В истории советского языкознания много общего с историями других наук, путь которых изобиловал горькими событиями, отвлекавшими их от выполнения своих прямых обязанностей <…>.
Последующее изложение не ставит своей целью воспроизвести историю советского языкознания хотя бы даже в самых, общих чертах. Обращение к отдельным этапам прошлого диктуется лишь стремлением понять современное его состояние.
Собственно со статьи А.С. Чикобавы и началось осуществление того переломного процесса, который оказал такое огромное влияние на последующее развитие советского языкознания <…> А.С. Чикобава умер в 1984 году.
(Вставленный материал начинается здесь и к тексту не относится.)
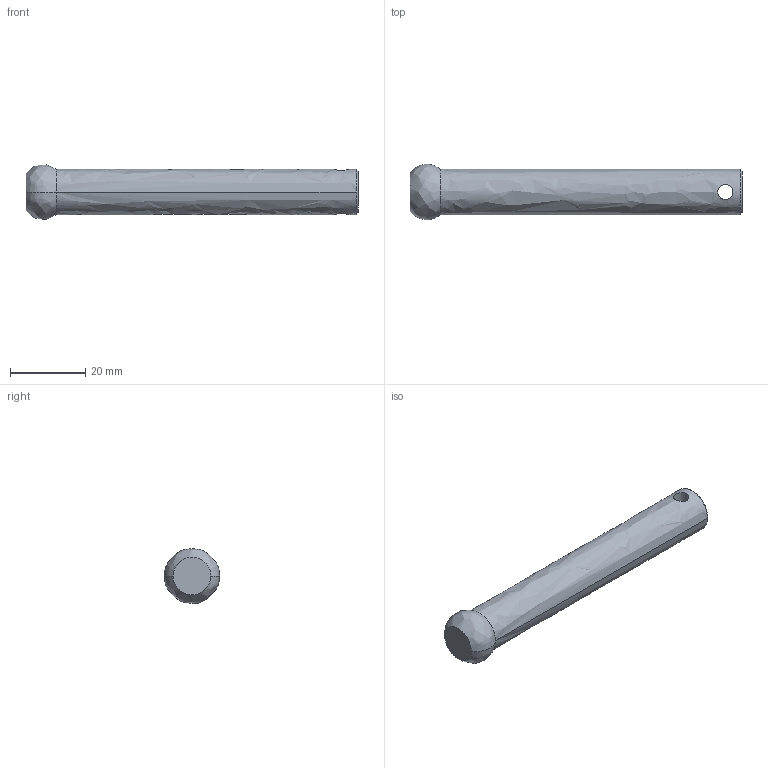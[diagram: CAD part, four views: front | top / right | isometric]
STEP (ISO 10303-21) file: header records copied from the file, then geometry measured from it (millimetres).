
FILE_DESCRIPTION (( 'STEP AP203' ), '1' );
FILE_NAME ('M5 - erpAynalama33360_BURÇ PÝMÝ.IGS_Default_sldprt.STEP', '2023-01-17T08:16:01', ( '' ), ( '' ), 'SwSTEP 2.0', 'SolidWorks 2019', '' );
FILE_SCHEMA (( 'CONFIG_CONTROL_DESIGN' ));
Length unit declared in the file: millimetre
Products named in the file (1): M5 - erpAynalama33360_BURÇ PÝMÝ.IGS_Default_sldprt
Bounding box: 88 x 14.71 x 14.55 mm (x, y, z)
Volume: 10063.6 mm3; surface area: 3702.6 mm2
Topology: 1 solids, 1 shells, 10 faces, 20 edges, 12 vertices
Faces by surface type: bspline 10
Entity records: 874 total; most frequent: CARTESIAN_POINT 670, ORIENTED_EDGE 40, EDGE_CURVE 20, B_SPLINE_CURVE_WITH_KNOTS 12, EDGE_LOOP 12, VERTEX_POINT 12, FACE_OUTER_BOUND 10, ADVANCED_FACE 10

В советских лингвистических изданиях был помещен один-единственный отмечающий это печальное событие некролог, в «Известия АН СССР. ОЛЯ»). В нем отмечались его заслуги в области изучения иберийско-кавказских языков. И не было сказано ни слова о той роли, какую он сыграл в истории советского языкознания, начав дискуссию 50-го года. Это ли не знаменательная иллюстрация к тому, корни, казалось бы отжившего прошлого, остались, и они продолжают давать побеги, о чем еще придется поговорить ниже <…>.
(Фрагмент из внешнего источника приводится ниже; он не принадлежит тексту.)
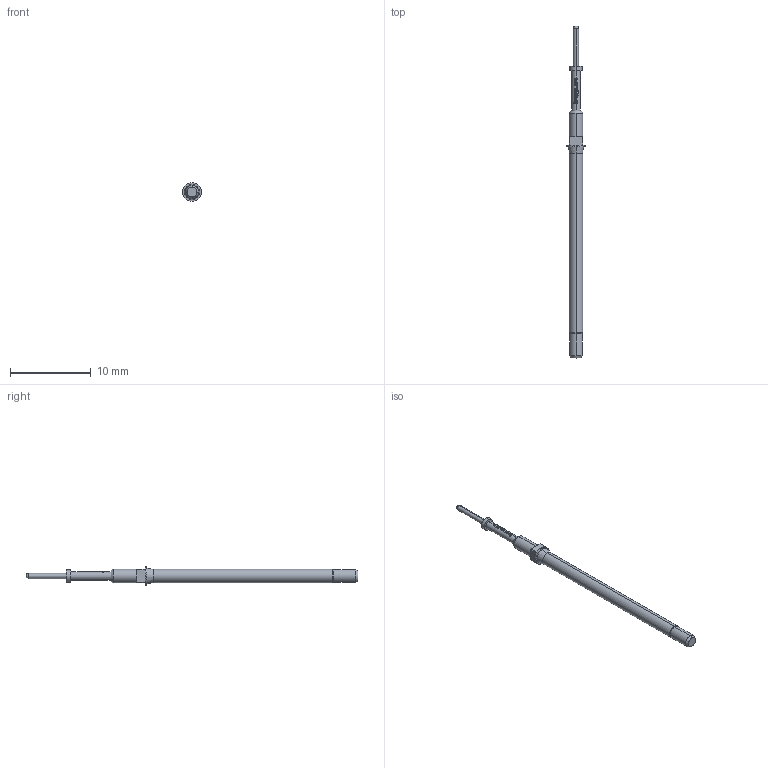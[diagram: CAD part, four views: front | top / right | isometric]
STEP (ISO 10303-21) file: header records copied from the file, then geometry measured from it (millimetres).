
FILE_DESCRIPTION (( 'STEP AP203' ), '1' );
FILE_NAME ('INGUN_T-112_305_065_500_150Axx05M.STEP', '2023-09-13T11:59:10', ( '' ), ( '' ), 'SwSTEP 2.0', 'SolidWorks 2021', '' );
FILE_SCHEMA (( 'CONFIG_CONTROL_DESIGN' ));
Length unit declared in the file: millimetre
Products named in the file (1): INGUN_T-112_305_065_500_150Axx05M
Bounding box: 2.3 x 41 x 2.3 mm (x, y, z)
Volume: 72.9 mm3; surface area: 196.5 mm2
Topology: 1 solids, 1 shells, 121 faces, 329 edges, 214 vertices
Faces by surface type: plane 57, cylinder 33, bspline 22, cone 6, torus 2, sphere 1
Entity records: 4153 total; most frequent: CARTESIAN_POINT 1160, ORIENTED_EDGE 652, DIRECTION 562, EDGE_CURVE 326, AXIS2_PLACEMENT_3D 222, VERTEX_POINT 212, EDGE_LOOP 126, CIRCLE 122

Первые годы после дискуссии 50-го года советская наука о языке была занята решением проблем сталинского языкознания и освоением вновь обретенной материалистической компаративистики. Как уже отмечалось, если не считать таких специфически «сталинских» проблем, как проблема внутренних законов развития языка и проблема основного словарного фонда, обе эти задачи фактически были однозначными. И когда в результате исторического развития советского общества Сталина пришлось вычесть, никаких коренных преобразований в советской науке о языке не произошло. Просто сравнительно-исторический подход к изучению языка продолжал укреплять свой статус материалистического языкознания и под него стало подводиться соответствующее идеологическое обоснование. Так как марризму, несмотря на все его усилия, не удалось искоренить традиции русской компаративистики, они теперь были мобилизованы для утверждения позиций советской науки о языке на новом этапе своего развития.
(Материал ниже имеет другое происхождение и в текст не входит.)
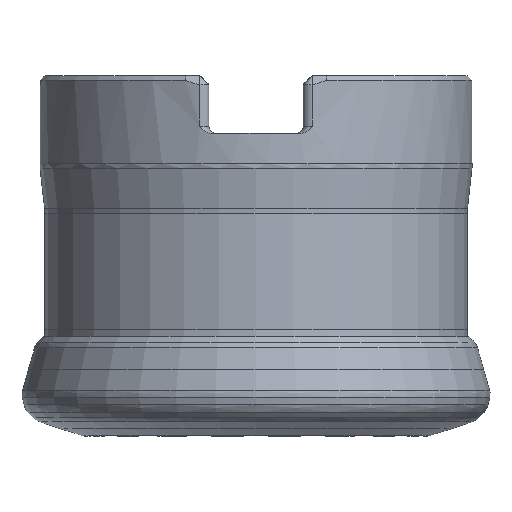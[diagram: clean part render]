
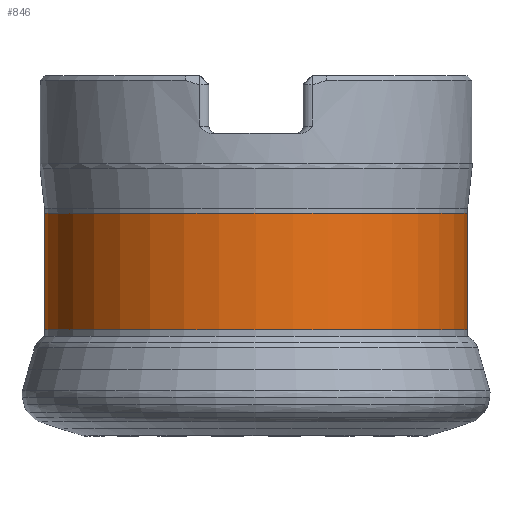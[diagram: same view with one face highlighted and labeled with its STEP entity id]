
A CAD part, front view. The second image highlights one B-rep face of the part: STEP entity #846.
In plain terms, the highlighted cylindrical face has radius 23.437 mm (diameter 46.875 mm), a full revolution.
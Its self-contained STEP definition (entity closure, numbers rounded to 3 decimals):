
#202=CYLINDRICAL_SURFACE('',#2103,23.437);
#846=ADVANCED_FACE('',(#1088,#1089),#202,.T.);
#1088=FACE_BOUND('',#1200,.T.);
#1089=FACE_BOUND('',#1201,.T.);
#1200=EDGE_LOOP('',(#1389));
#1201=EDGE_LOOP('',(#1390));
#1389=ORIENTED_EDGE('',*,*,#1844,.T.);
#1390=ORIENTED_EDGE('',*,*,#1845,.T.);
#1711=VERTEX_POINT('',#3125);
#1712=VERTEX_POINT('',#3127);
#1844=EDGE_CURVE('',#1711,#1711,#1999,.T.);
#1845=EDGE_CURVE('',#1712,#1712,#2000,.T.);
#1999=CIRCLE('',#2101,23.437);
#2000=CIRCLE('',#2102,23.437);
#2101=AXIS2_PLACEMENT_3D('',#3124,#2371,#2372);
#2102=AXIS2_PLACEMENT_3D('',#3126,#2373,#2374);
#2103=AXIS2_PLACEMENT_3D('',#3128,#2375,#2376);
#2371=DIRECTION('',(0.,0.,1.));
#2372=DIRECTION('',(-1.,0.,0.));
#2373=DIRECTION('',(0.,0.,-1.));
#2374=DIRECTION('',(-1.,0.,0.));
#2375=DIRECTION('',(0.,0.,-1.));
#2376=DIRECTION('',(-1.,0.,0.));
#3124=CARTESIAN_POINT('',(0.,0.,-28.158));
#3125=CARTESIAN_POINT('',(-23.437,0.,-28.158));
#3126=CARTESIAN_POINT('',(0.,0.,-15.28));
#3127=CARTESIAN_POINT('',(-23.437,0.,-15.28));
#3128=CARTESIAN_POINT('',(0.,0.,0.));

Но обращение к сравнительно-историческому языкознанию по сути дела означало предписание глядеть назад, к тому, что было создано в довольно-таки далеком прошлом и что, отнюдь не изжив себя, подверглось значительному переосмыслению. Кроме того, в то время, когда происходили описанные внутренние события, в международной лингвистике возникло много нового, о чем советские языковеды имели весьма туманные представления или о чем они вовсе ничего не знали. Фактически вся зарубежная лингвистика была представлена всего лишь тремя книгами: «Курсом общей лингвистики» Ф. де Соссюра (1933 год), «Языком» Э. Сепира (1934 год) к «Языком» же Ж. Вандриеса (1937 год). Вокруг этих книг и обращалась вся полемика советского языкознания с буржуазным языкознанием. Прекрасным примером такой ограниченной узкими рамками полемики может служить упоминавшаяся уже книга И.И. Мещанинова «Общее языкознание» (1940 год).
И тут следует помянуть добром деятельность издательства «Иностранная литература». За время своей работы в 50-е и 60-е годы издательство познакомило советских лингвистов не только с трудами тех ученых, о которых они знали только понаслышке (О. Есперсена, Г. Пауля, Л. Блумфилда, Н. Трубецкого, А. Мартине и пр.), но также с вновь возникшими лингвистическими школами и направлениями (дескриптивной лингвистикой, глоссематикой, Пражским лингвистическим кружком, лингвистикой универсалий, генеративной лингвистикой и пр.). Лингвистическая серия издательства «Иностранная литература» отличалась при этом большой оперативностью, держа советских ученых в курсе всех текущих событий мировой лингвистической науки (что в первую очередь находило свое выражение в сборниках «Новое в лингвистике» и что продолжено в сборниках «Новое в зарубежной лингвистике» издательства «Прогресс»).
Это многообразие научных данных естественным образом должно было получить свою аргументированную оценку. Она, как правило, и давалась в тех предисловиях и комментариях, которыми сопровождались все эти издания. С ними можно было соглашаться или не соглашаться и в последнем случае выдвигать иную точку зрения, доказательно ее обосновывая.
Однако и тут сработала инерция господства предельно упрощенного идеологического критерия, подавляющего всякую научную доказательность. Именно этот критерий и объединил таких завзятых марровцев, как Ф.П. Филин или В.И. Абаев с О.С. Ахмановой, Р.А. Будаговым и В.З. Панфиловым, самозванно объявившими себя верными хранителями идеологической чугунной печати. И как раньше Ф.П. Филин прикреплял ярлык социал-фашиста ко всем, кто осмеливался защищать сравнительно-историческое языкознание, так теперь О.С. Ахманова характеризовала Л. Ельмслева не иначе, как агентом американского империализма.